If I was David P. Abney, I would start to look into ways that I can physically start to remove vehicles from the road. I would think of taking a page out of Uber’s book and look to create a more structured version of UberRUSH. This ability to leverage vehicles that are already on the road to do on-demand one way trips could do a great deal to mitigate emissions while the company continues to implement and innovate around alternative fuels. In addition to this potential solution, UPS should also be investing in drone technology. This type of innovation has the potential to be a patch solution until greener jet fuel can be developed. Given that it is impossible to close Pandora’s Box of online purchasing and overnight delivery, UPS absolutely needs to investigate every option to operate in a more sustainable way.
I found this article to be incredibly interesting. I had no idea ZEV credits even existed. However, it’s incredibly frustrating that the current ZEV credit market is flooded due to lack of standards. I spent a good deal of time thinking about an alternative for Musk besides lobbying for increased standards, but no reasonable answers present themselves. Perhaps CARB can issue a flat bonus to manufacturers and the manufacturer receives the proportion of its bonus that equals the proportion of total vehicles produced that are ZEV’s. So if the bonus is $100 and 50% of Manufacturer X’s cars produced this year are ZEV, so Manufacturer X gets $50. Obviously it is a fine line between prodding innovation and placing an excessive burden on auto manufacturers (especially American manufacturers given the issues of 2008 that are still being dealt with), but Musk should absolutely be rewarded in some way by being so far ahead of the curve.

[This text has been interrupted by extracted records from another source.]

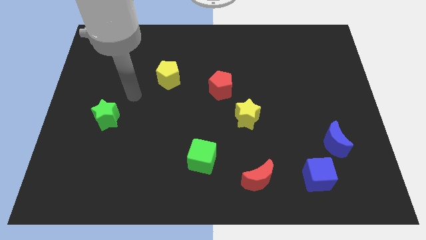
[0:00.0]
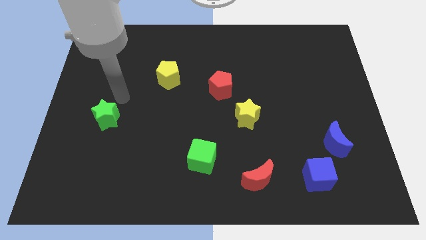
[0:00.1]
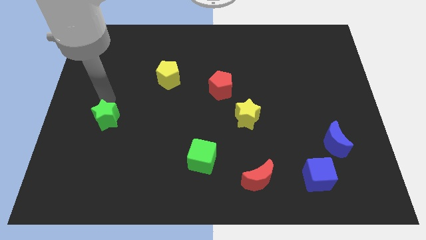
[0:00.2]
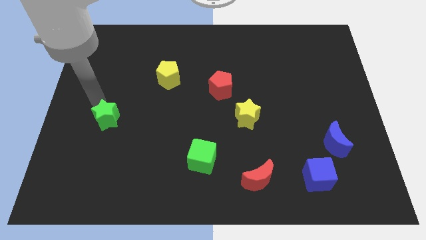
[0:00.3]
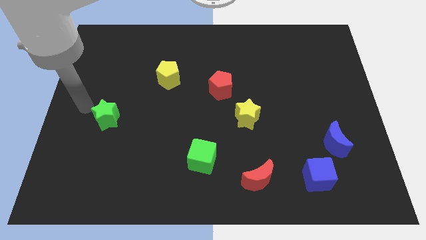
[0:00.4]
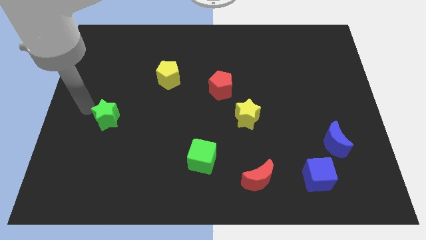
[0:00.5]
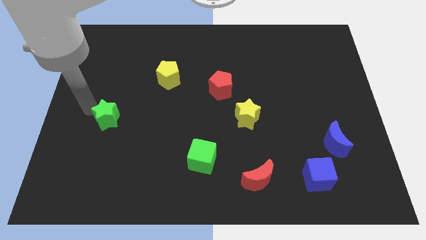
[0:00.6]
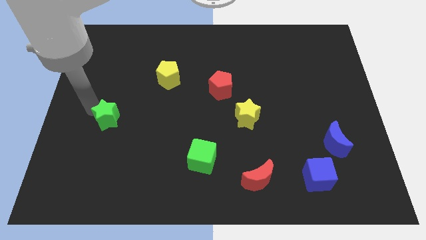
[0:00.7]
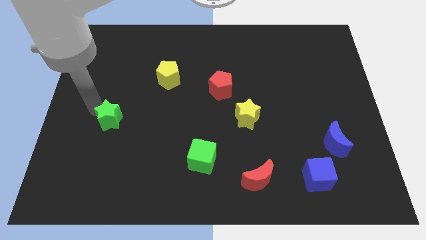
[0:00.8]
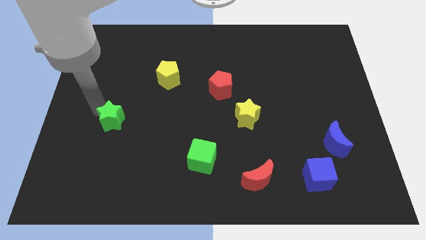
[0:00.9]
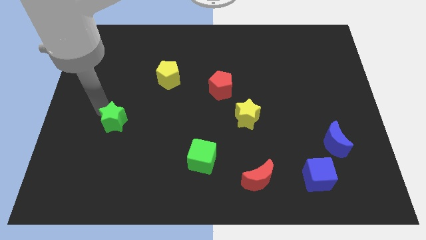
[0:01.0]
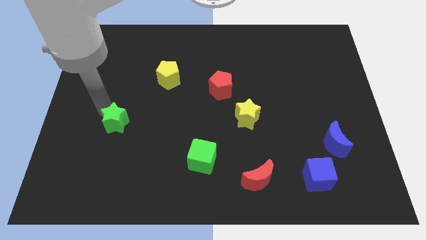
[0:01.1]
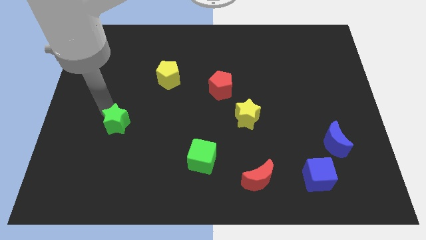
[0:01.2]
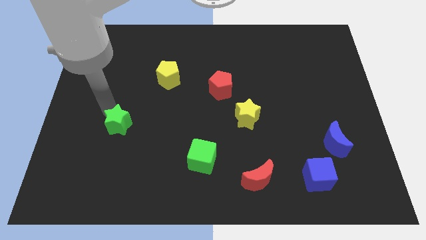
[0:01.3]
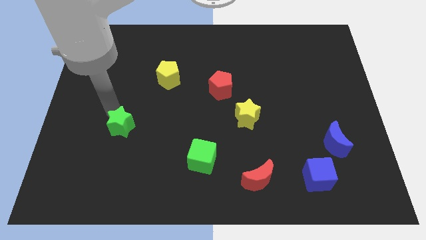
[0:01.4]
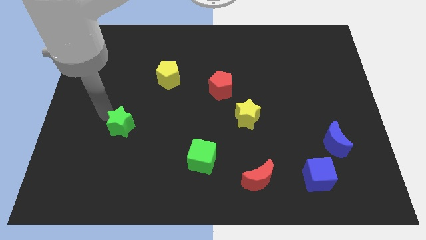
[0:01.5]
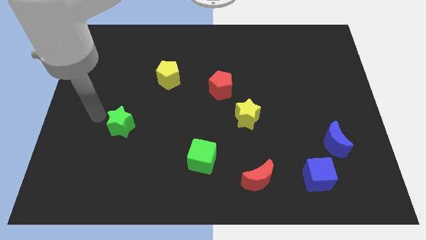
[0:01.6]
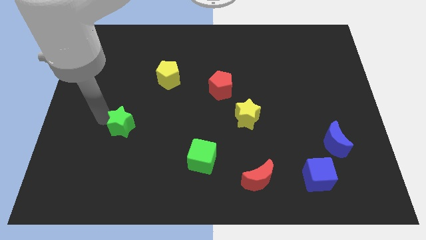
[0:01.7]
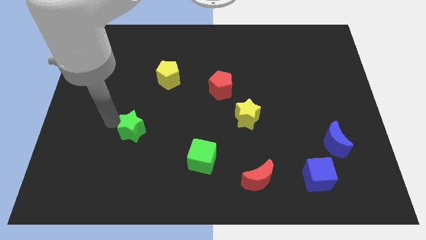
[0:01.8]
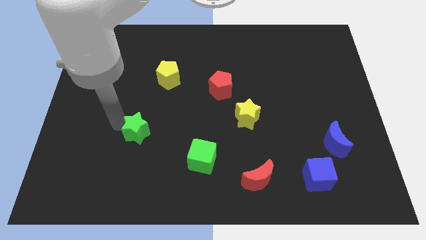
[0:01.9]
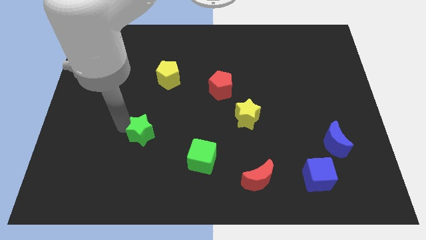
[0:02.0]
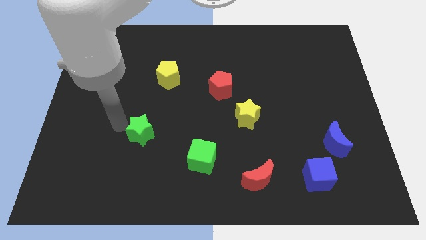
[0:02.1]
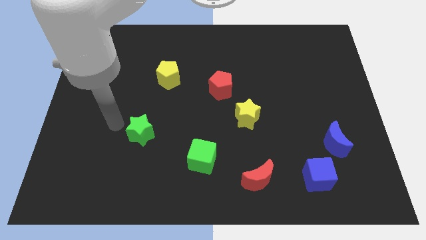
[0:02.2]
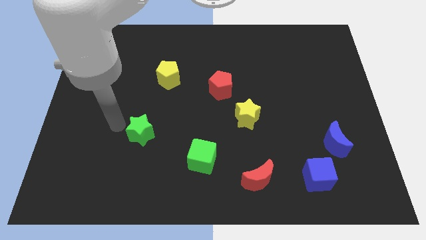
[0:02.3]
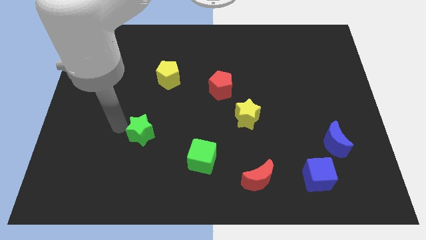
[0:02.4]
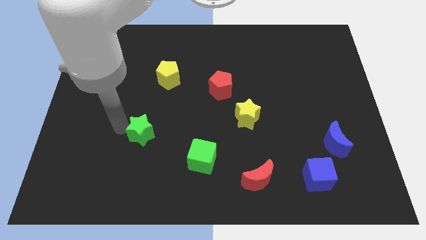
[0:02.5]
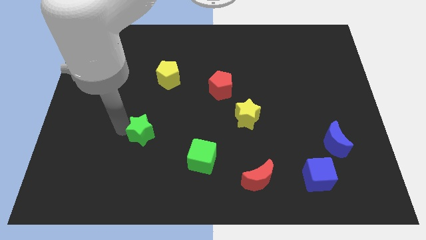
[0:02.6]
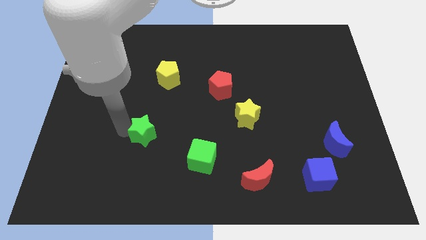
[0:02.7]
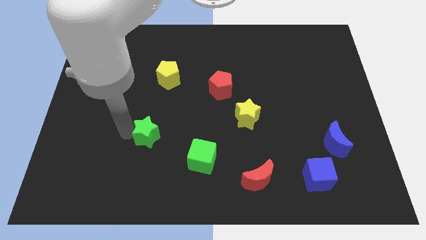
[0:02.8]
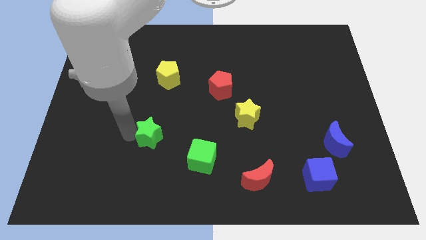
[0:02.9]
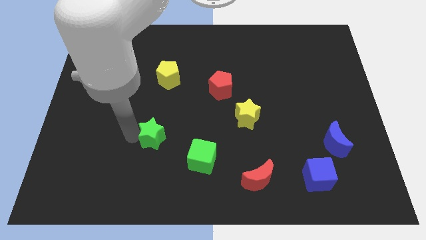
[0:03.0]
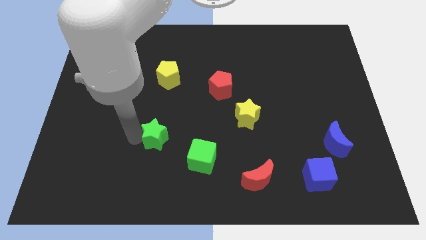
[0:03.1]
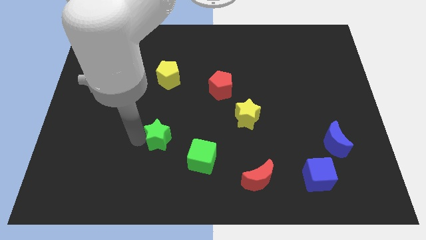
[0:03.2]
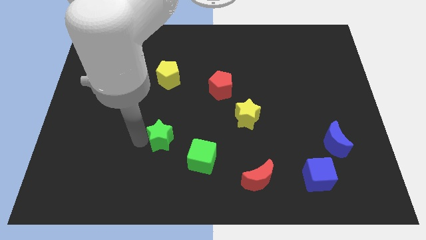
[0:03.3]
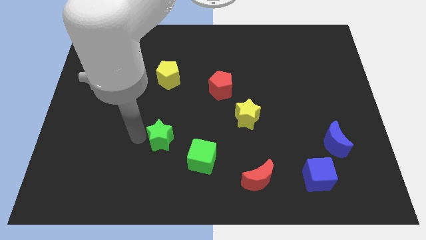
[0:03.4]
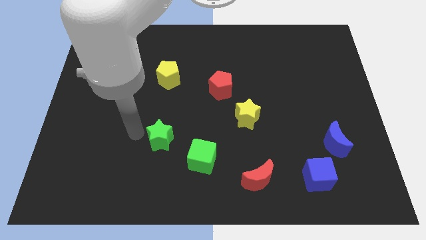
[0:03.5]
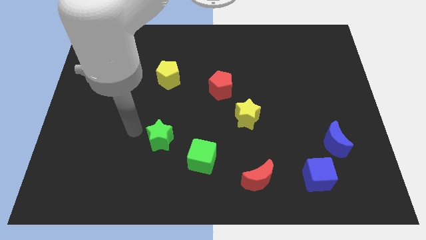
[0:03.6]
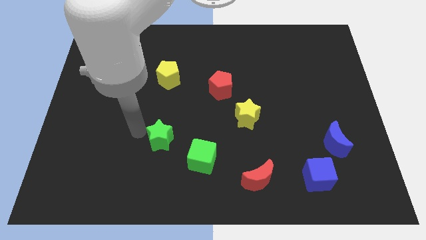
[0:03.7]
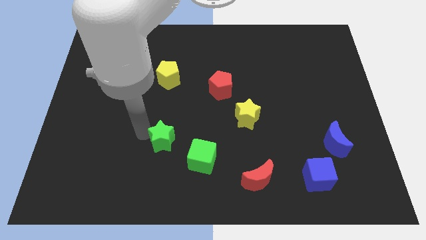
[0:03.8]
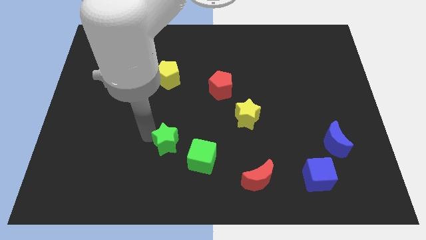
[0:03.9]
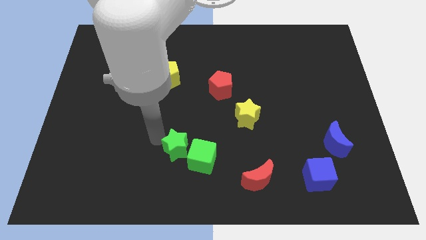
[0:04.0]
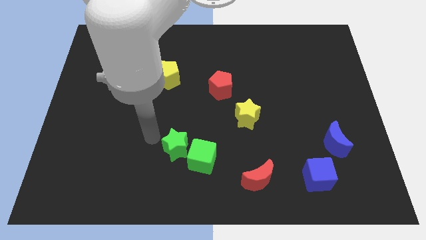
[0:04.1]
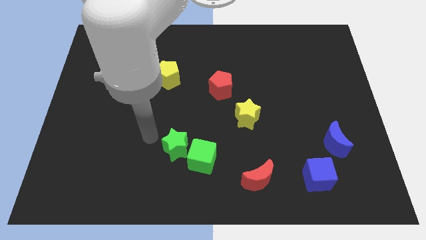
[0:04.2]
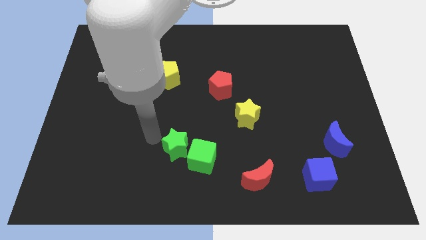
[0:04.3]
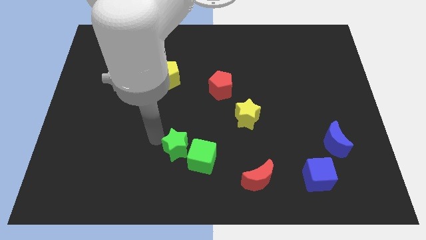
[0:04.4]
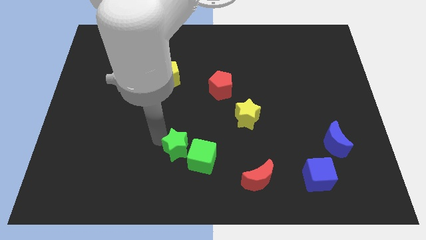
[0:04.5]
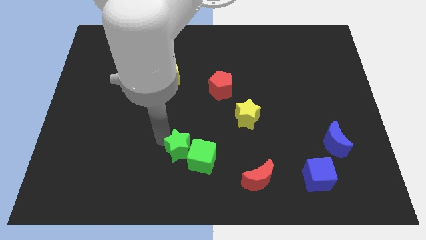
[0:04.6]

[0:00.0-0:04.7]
slide the green star to the green cube

I think that this post does a great job of both highlighting a nonobvious organization that is undoubtedly affected by climate change, but also interesting ways in which the MLB is affected. From personal experience the amount of electricity consumed by a professional sports stadium is astounding. To further the lighting issue, teams typically have sponsorship contracts where external signage is mandated to be illuminated 24/7. So even if night games are limited there is still a good chance that the lights inside and outside of the stadium will remain on. As you pointed out, the efforts to make stadiums greener are fairly prevalent so hopefully teams will find effective ways to utilize solar or other options to limit the impact of their electric bills.